# NumPy, SciPy, Scikit-learn
They are three fundamental libraries in the Python ecosystem, especially for data science, machine learning, and scientific computing. They are closely related and often used together in various workflows. Here's how they are connected:

1. NumPy
Core Library: NumPy is the foundational package for numerical computing in Python. It provides support for large, multi-dimensional arrays and matrices, along with a collection of mathematical functions to operate on these arrays.
Core Data Structures: Scikit-learn heavily relies on NumPy arrays (especially the ndarray data structure) as the standard format for input data. When you pass data into scikit-learn algorithms, it is usually in the form of a NumPy array.
Numerical Operations: Many of the computations within scikit-learn, such as linear algebra operations, are performed using NumPy's efficient, low-level implementations.
2. SciPy
Advanced Scientific Functions: SciPy builds on NumPy and provides additional functionality for scientific and technical computing. It includes modules for optimization, integration, interpolation, eigenvalue problems, algebraic equations, and others.
Scikit-learn Dependency: Scikit-learn utilizes functions from SciPy for more advanced mathematical operations that go beyond the basic capabilities of NumPy. For instance, tasks like optimization (e.g., scipy.optimize), sparse matrix computations, and some statistical functions are sourced from SciPy.
Sparse Matrices: SciPy’s sparse matrix functionality is essential for handling large, sparse datasets in machine learning, which is particularly useful in tasks like natural language processing or large-scale data analysis.
3. Scikit-learn
Machine Learning Library: Scikit-learn is a high-level library built on top of NumPy and SciPy. It provides simple and efficient tools for data mining and data analysis, including implementations of various machine learning algorithms (e.g., classification, regression, clustering), preprocessing tools, model selection methods, and more.
Interface with NumPy/SciPy: Scikit-learn uses NumPy arrays as inputs and outputs for its algorithms, making it seamless to integrate with other NumPy or SciPy-based code. For example, after preprocessing data with SciPy or performing numerical operations with NumPy, you can directly pass the processed data to a scikit-learn model.
Dependency: Scikit-learn directly depends on both NumPy and SciPy, meaning it requires these libraries to be installed to function. This dependency ensures that scikit-learn can leverage the optimized performance and rich functionality of NumPy and SciPy.
Summary:
NumPy provides the basic array data structures and mathematical operations.
SciPy builds on NumPy, offering more advanced mathematical tools and utilities.
Scikit-learn builds on both NumPy and SciPy, providing high-level implementations of machine learning algorithms and data processing tools.


Summary:

NumPy provides the basic array data structures and mathematical operations.

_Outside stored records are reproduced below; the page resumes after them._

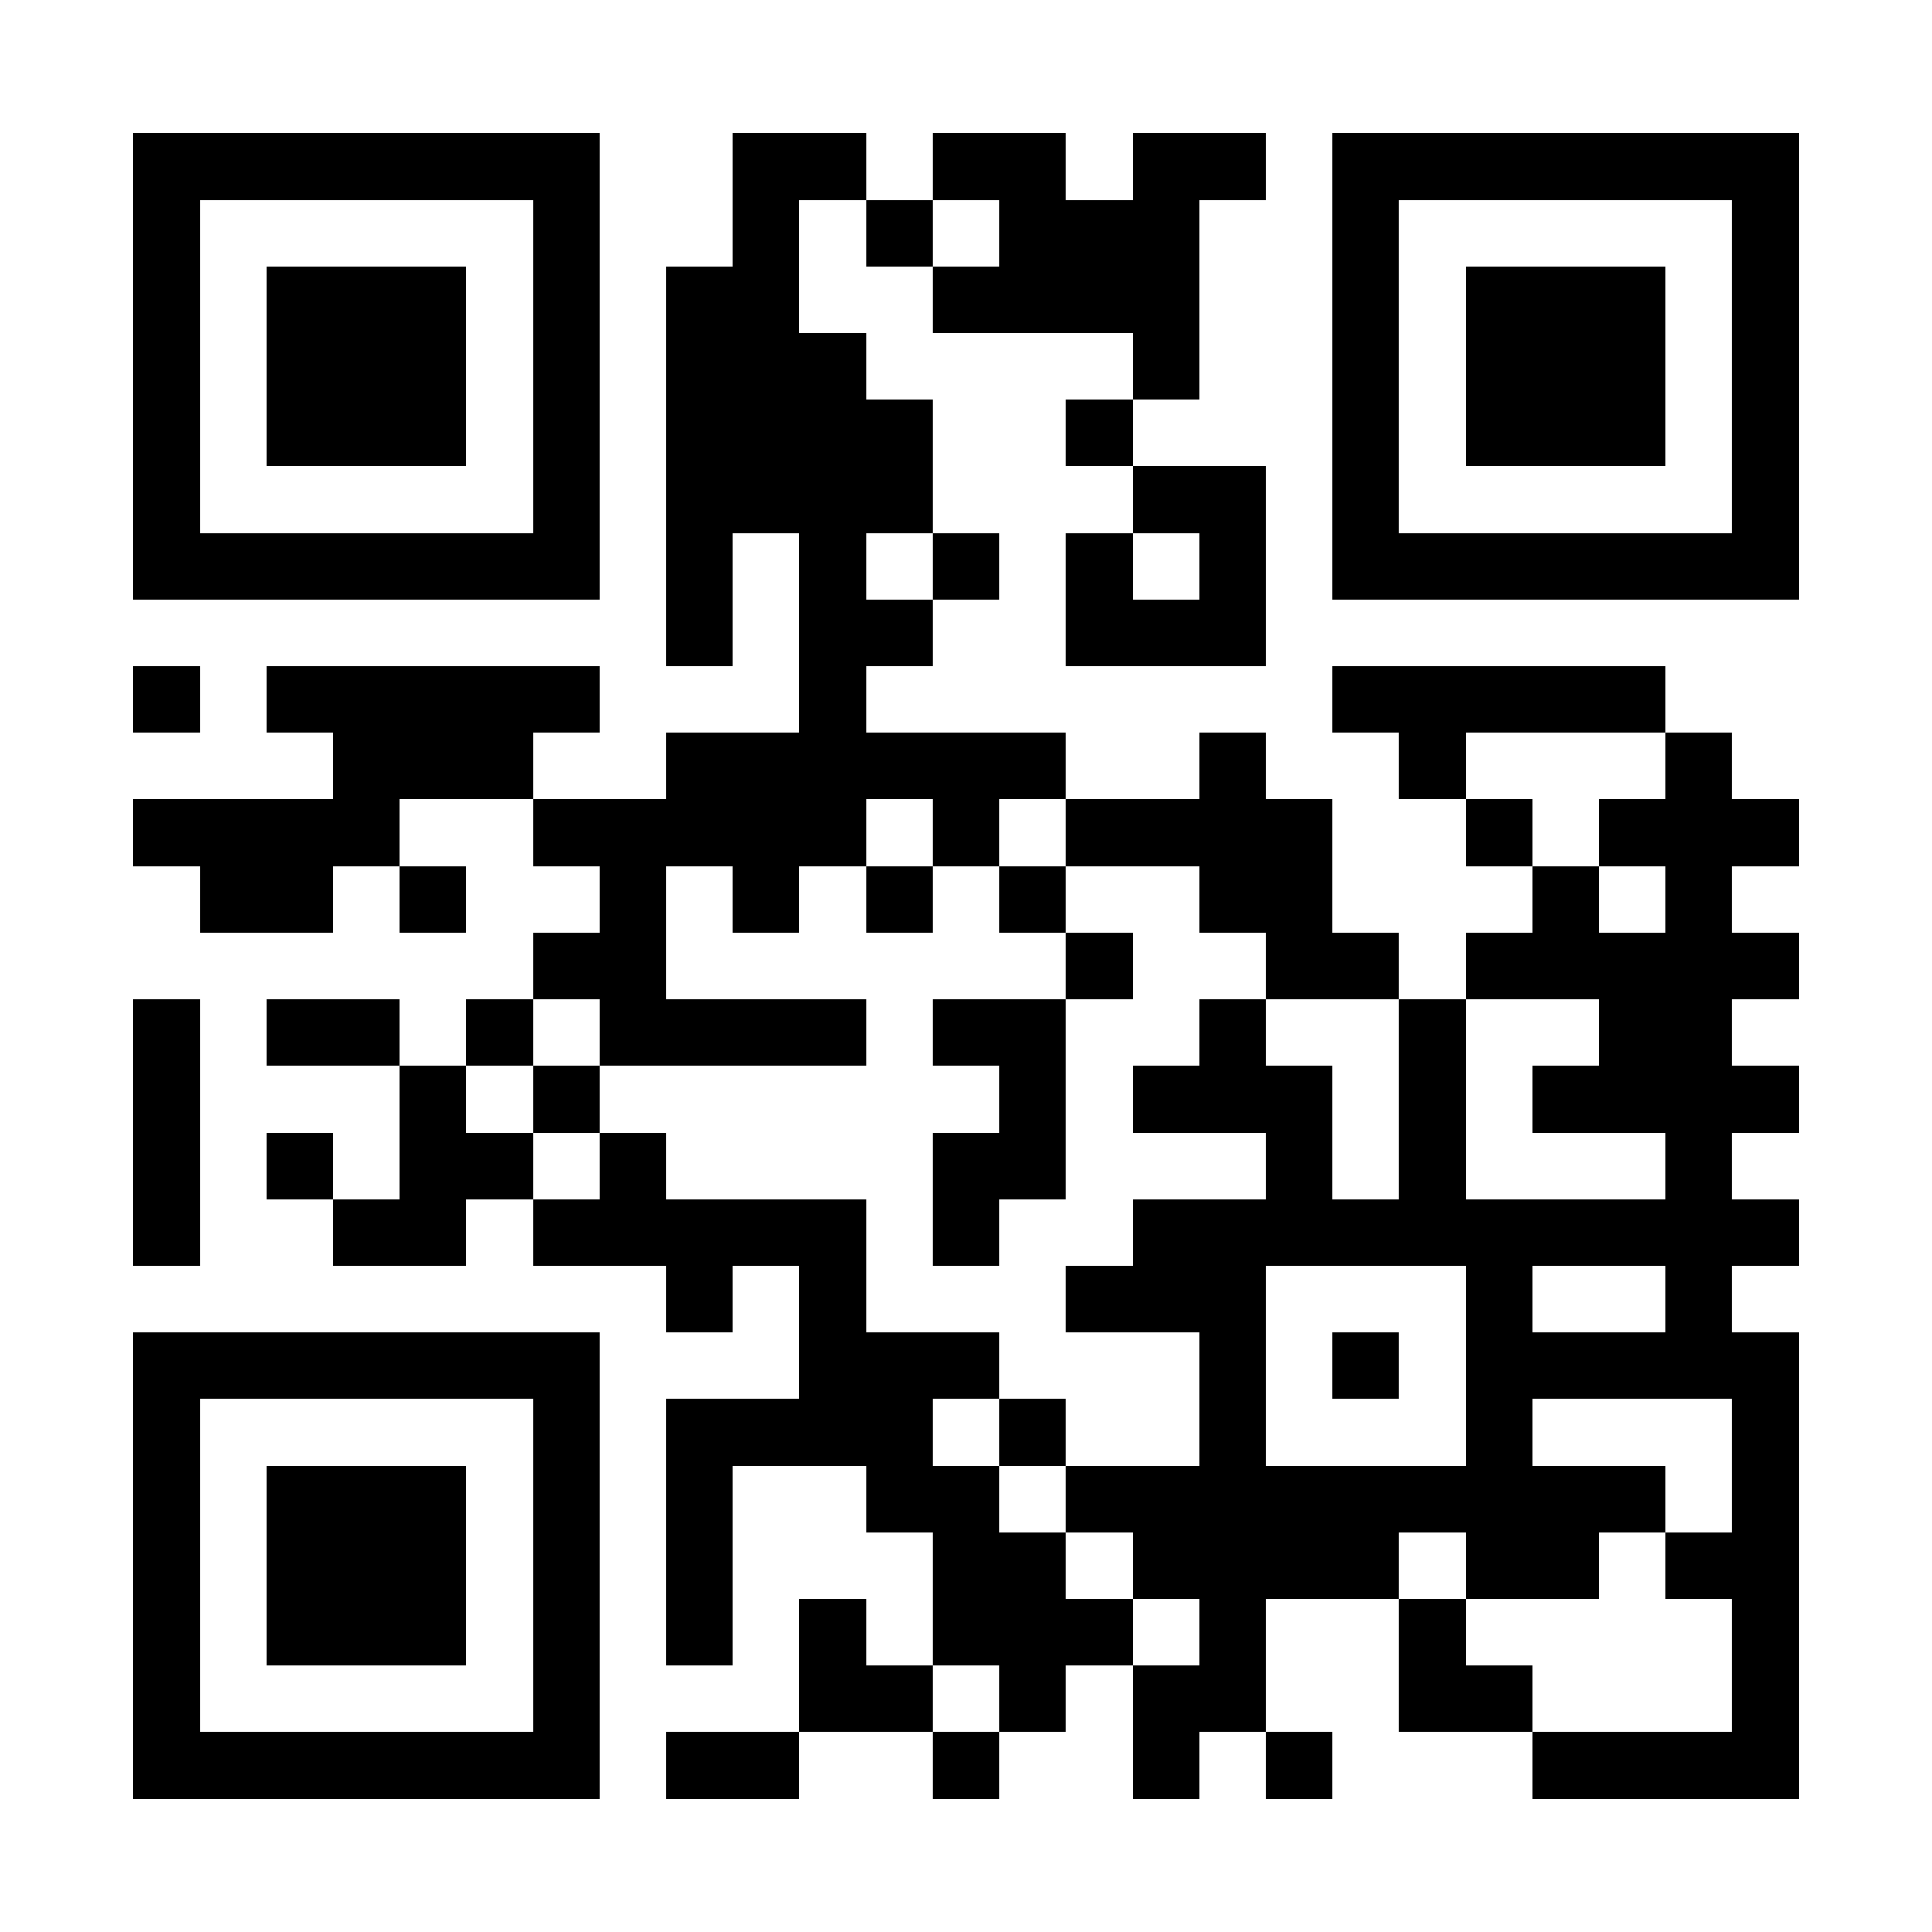 <?xml version="1.0" encoding="UTF-8"?>
<!DOCTYPE svg PUBLIC '-//W3C//DTD SVG 1.0//EN'
          'http://www.w3.org/TR/2001/REC-SVG-20010904/DTD/svg10.dtd'>
<svg fill="#fff" height="29" shape-rendering="crispEdges" style="fill: #fff;" viewBox="0 0 29 29" width="29" xmlns="http://www.w3.org/2000/svg" xmlns:xlink="http://www.w3.org/1999/xlink"
><path d="M0 0h29v29H0z"
  /><path d="M2 2.5h7m2 0h2m1 0h2m1 0h2m1 0h7M2 3.5h1m5 0h1m2 0h1m1 0h1m1 0h3m2 0h1m5 0h1M2 4.5h1m1 0h3m1 0h1m1 0h2m2 0h4m2 0h1m1 0h3m1 0h1M2 5.5h1m1 0h3m1 0h1m1 0h3m4 0h1m2 0h1m1 0h3m1 0h1M2 6.5h1m1 0h3m1 0h1m1 0h4m2 0h1m3 0h1m1 0h3m1 0h1M2 7.5h1m5 0h1m1 0h4m3 0h2m1 0h1m5 0h1M2 8.5h7m1 0h1m1 0h1m1 0h1m1 0h1m1 0h1m1 0h7M10 9.5h1m1 0h2m2 0h3M2 10.5h1m1 0h5m3 0h1m7 0h5M5 11.5h3m2 0h6m2 0h1m2 0h1m3 0h1M2 12.5h4m2 0h5m1 0h1m1 0h4m2 0h1m1 0h3M3 13.5h2m1 0h1m2 0h1m1 0h1m1 0h1m1 0h1m2 0h2m3 0h1m1 0h1M8 14.5h2m6 0h1m2 0h2m1 0h5M2 15.5h1m1 0h2m1 0h1m1 0h4m1 0h2m2 0h1m2 0h1m2 0h2M2 16.5h1m3 0h1m1 0h1m6 0h1m1 0h3m1 0h1m1 0h4M2 17.5h1m1 0h1m1 0h2m1 0h1m4 0h2m3 0h1m1 0h1m3 0h1M2 18.5h1m2 0h2m1 0h5m1 0h1m2 0h10M10 19.5h1m1 0h1m3 0h3m3 0h1m2 0h1M2 20.5h7m3 0h3m3 0h1m1 0h1m1 0h5M2 21.5h1m5 0h1m1 0h4m1 0h1m2 0h1m3 0h1m3 0h1M2 22.5h1m1 0h3m1 0h1m1 0h1m2 0h2m1 0h9m1 0h1M2 23.5h1m1 0h3m1 0h1m1 0h1m3 0h2m1 0h4m1 0h2m1 0h2M2 24.5h1m1 0h3m1 0h1m1 0h1m1 0h1m1 0h3m1 0h1m2 0h1m4 0h1M2 25.5h1m5 0h1m3 0h2m1 0h1m1 0h2m2 0h2m3 0h1M2 26.5h7m1 0h2m2 0h1m2 0h1m1 0h1m3 0h4" stroke="#000"
/></svg
>

SciPy builds on NumPy, offering more advanced mathematical tools and utilities.

Scikit-learn builds on both NumPy and SciPy, providing high-level implementations of machine learning algorithms and data processing tools.

# Numpy

NumPy is one of the fundamental packages for scientific computing in Python. It contains functionality for multidimensional arrays, high-level mathematical functions such as linear algebra operations and the Fourier transform, and pseudorandom number generators.

In scikit-learn, the NumPy array is the fundamental data structure. scikit-learn takes in data in the form of NumPy arrays. Any data you’re using will have to be converted to a NumPy array. 

Key features of NumPy include:

1. **Arrays:** At the core of the NumPy package, is the **ndarray** object that encapsulates n-dimensional arrays of homogeneous data types. These arrays are more **efficient** than Python lists for numerical operations.

2. **Indexing and Slicing:** NumPy provides powerful indexing and slicing capabilities for accessing and manipulating data within arrays. This makes it easy to extract subsets of data or modify specific elements.

3. **Broadcasting:** NumPy allows for operations between arrays of different shapes and sizes through a mechanism called broadcasting. This makes it easy to perform element-wise operations on arrays of different shapes without the need for explicit looping or reshaping.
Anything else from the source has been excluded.